PROBLEM TO WORK ON:
All of the data below is to be repeated exactly, except for the pictures.

Source data:
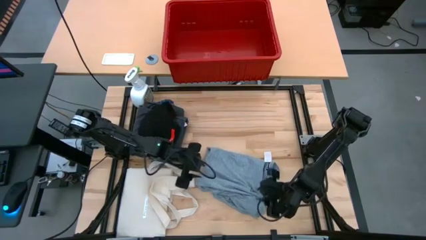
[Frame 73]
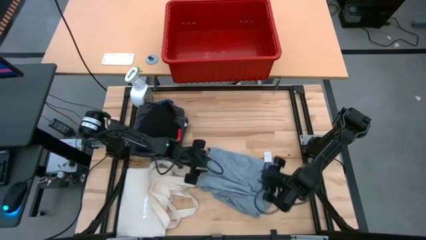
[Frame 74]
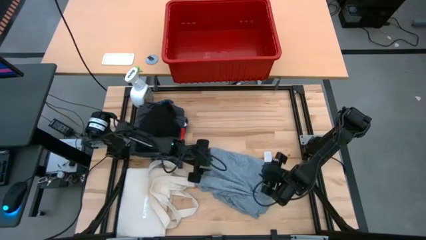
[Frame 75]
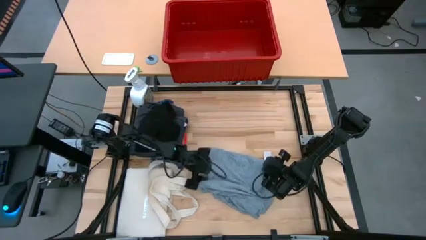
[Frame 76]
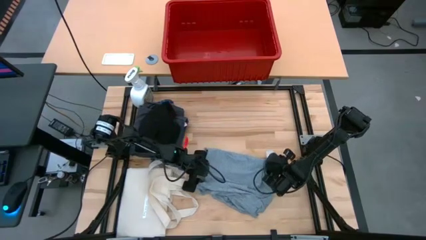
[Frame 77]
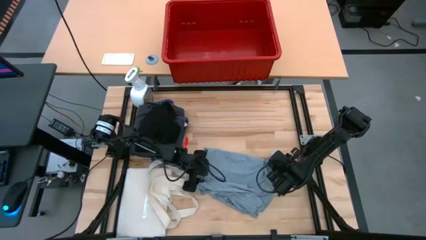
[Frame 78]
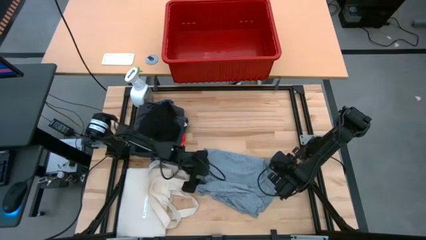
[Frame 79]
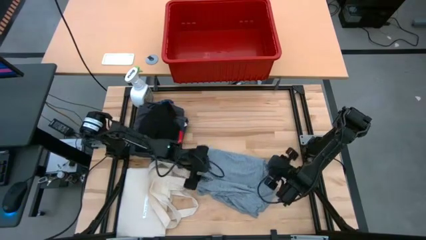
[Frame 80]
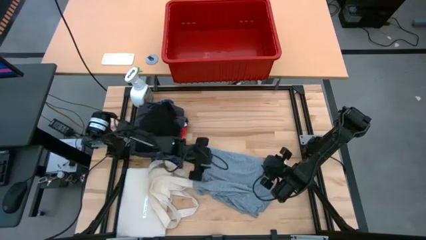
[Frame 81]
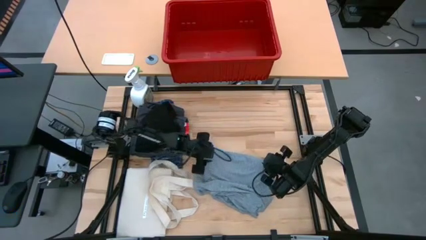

RESULT:
[Frame 73]
[Frame 74]
[Frame 75]
[Frame 76]
[Frame 77]
[Frame 78]
[Frame 79]
[Frame 80]
[Frame 81]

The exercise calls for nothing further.